CNET Editors' Rating

3.5 stars Very good
Review Date:

Average User Rating

0.0 stars No reviews. Write a review

This comically savage action game overcomes its frustrations with liberal doses of blood and guts.

The Black Baron. In MadWorld, this purveyor of carnal pleasures provokes your violent tendencies time and again. After his recurring obscene tirades, a sultry gal clad in leather gear offers a visual example of the violent challenge ahead by lopping his head off with a golf club, or impaling him on a bed of spikes. She then strikes a sexy pose and slinks away, only to return when the resilient Baron has somehow recovered and again arrives with even more foul-mouthed taunts. This scenario is the essence of MadWorld: brutal, irreverent, and often hysterical. It's an overload of the senses that wallows in both its tastelessness and its striking black-and-white visual design. More importantly, this third-person action game is fun to play, though a number of gameplay frustrations hold it back from greatness. Nevertheless, MadWorld provides an adrenaline rush, with all the sensory delights and distresses that such excesses entail.

MadWorldscreenshot
No amount of laundry detergent will be getting these stains out.

You're Jack--just Jack. You're the newest participant in Varrigan City's killing games, affectionately termed Death Watch. At the outset, MadWorld's ultraviolent game-show narrative may remind you of a grosser, grittier Smash TV, but during its short length, the story makes some curious twists. Jack is a fascinating antihero, easy to root for yet not exactly likable, and a cutscene in which he cuffs a smirking narcissist across the room is as shocking as any of the game's outrageous scenes of dismemberment. The grittiness of the story is further enhanced by MadWorld's graphic-novel looks. Aside from the copious spurts of red blood (or blue alien goo), almost everything is rendered in black and white, and for a while, it's hard not to be awed by this unusual presentation.
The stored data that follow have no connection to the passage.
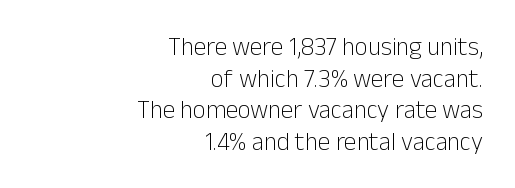
{"italic": "no", "bold": "no", "underline": "no", "align": "right", "line_spacing": "normal", "line_spacing_ratio": 1.27, "letter_spacing": "normal", "letter_spacing_em": 0.0, "glyph_px": 25}
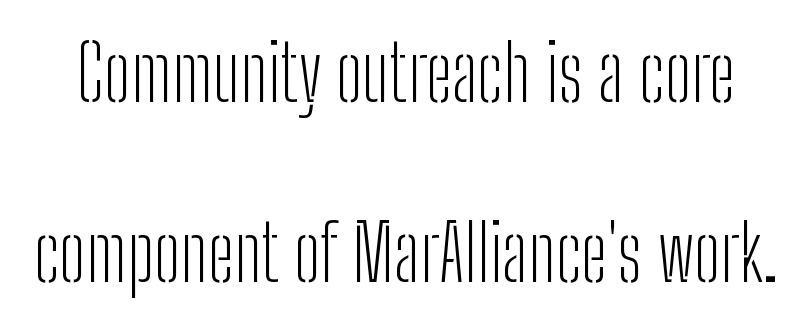
Observe the absence of serifs on each vertical stroke in this sample. Leading is clearly above the norm, producing a sparse column. The letterforms sit at book weight or below. A bare baseline throughout the passage. The letters stand straight up with perfectly vertical stems.
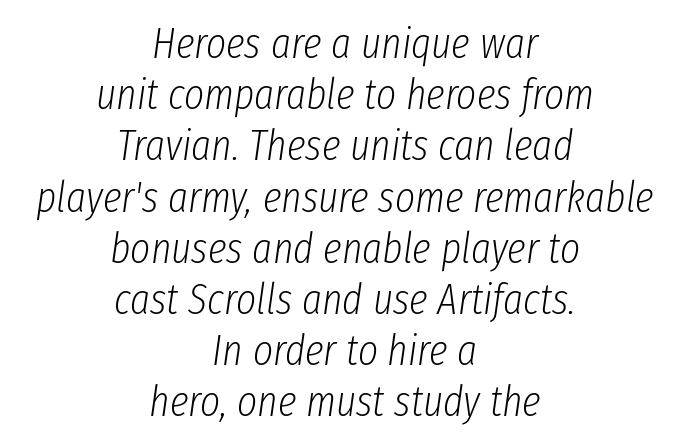
Q: Is the text bold? A: No.
Q: Is the text italic (slanted)? A: Yes, it leans right by about 8 degrees.
Q: Is the text underlined? A: No.
Q: How is the paragraph aligned? A: Centered.
Q: Is the spacing between letters normal or unusually wide? A: Normal.
Q: Width (condensed, normal, or wide)? A: Condensed.
Q: Stroke contrast? A: Low.
Q: x-height? A: Medium.
Q: Monospaced? A: No.
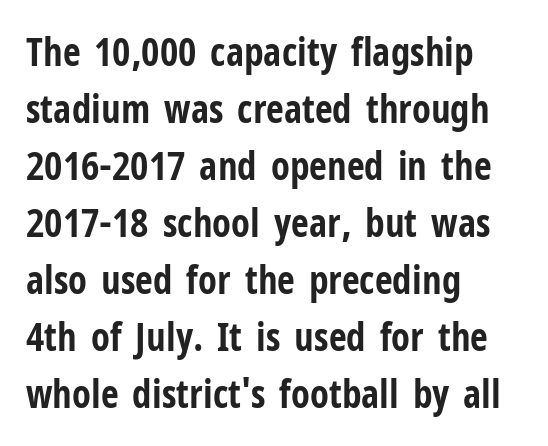
{"serif": "no", "italic": "no", "bold": "yes", "weight": "bold", "width": "condensed", "stroke_contrast": "low", "x_height": "medium", "monospaced": "no", "underline": "no", "align": "left", "line_spacing": "normal", "line_spacing_ratio": 1.46, "letter_spacing": "normal", "letter_spacing_em": 0.0, "glyph_px": 39}
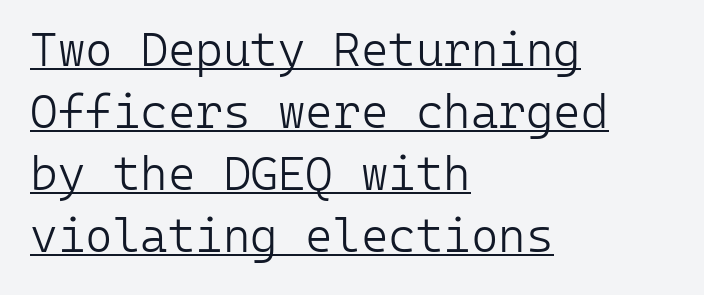
Q: Is the text bold? A: No.
Q: Is the text italic (slanted)? A: No, it is upright.
Q: Is the typeface a serif or a sans-serif typeface? A: Sans-serif.
Q: Is the text underlined? A: Yes.
Q: How is the paragraph aligned? A: Left-aligned.
Q: Is the spacing between letters normal or unusually wide? A: Normal.
Q: Is the spacing between lines tight, normal or loose? A: Normal.
Q: Width (condensed, normal, or wide)? A: Normal.
Q: Stroke contrast? A: Low.
Q: x-height? A: Medium.
Q: Monospaced? A: Yes.
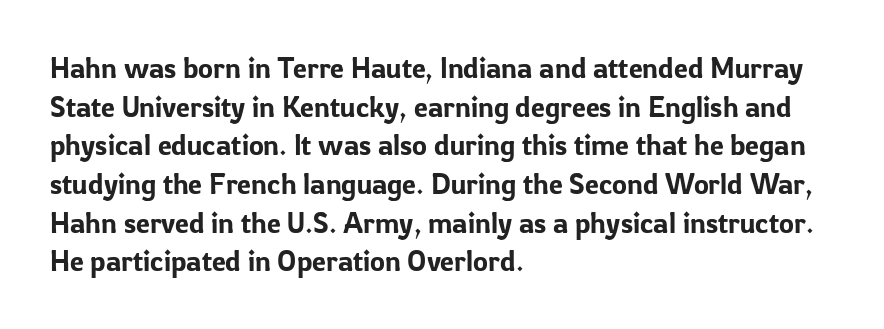
{"serif": "no", "italic": "no", "width": "normal", "stroke_contrast": "low", "x_height": "medium", "monospaced": "no", "underline": "no", "align": "left", "line_spacing": "normal", "line_spacing_ratio": 1.38, "letter_spacing": "normal", "letter_spacing_em": 0.0, "glyph_px": 28}
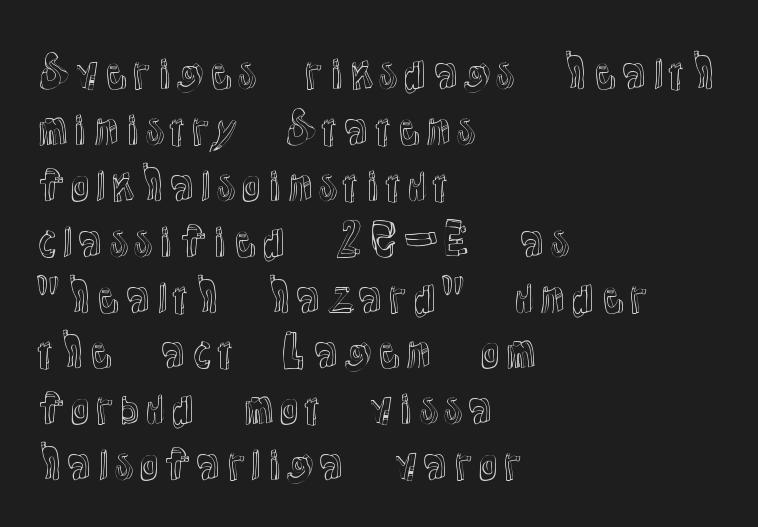
{"italic": "no", "width": "normal", "x_height": "medium", "monospaced": "no", "underline": "no", "align": "left", "line_spacing": "normal", "line_spacing_ratio": 1.3, "letter_spacing": "normal", "letter_spacing_em": 0.0, "glyph_px": 43}

Nevertheless, that style comes at the occasional expense of visual clarity and comfort; in time, it becomes increasingly difficult to see important items such as health drops within the busy environments. The game is at its best when played in short chunks, if only because you'll need visual and emotional relief from time to time.

Fortunately, developer PlatinumGames understands that overkill is best experienced in small bites, and accordingly a time limit has been placed on levels, which are filled with an array of horrific, murderous devices. The ShockTV viewers are a voracious bunch, and you'll earn a score based not just on how many foes you kill, but also on how violently you do it. You can impale a thug on a wall of spikes, but you'll garner more points by shoving a barrel onto his head, skewering him with a traffic sign, smacking him around a few times, and then chucking him onto the spikes. Every level is jam-packed with implements of destruction, and though you've always got a mighty chainsaw available to you, you'll use other weapons over the course of the game. A barbed club comes in handy for smashing foes around or launching them into the stratosphere; daggers afford you a spinning attack that rewards you with nice, grisly sprays of blood.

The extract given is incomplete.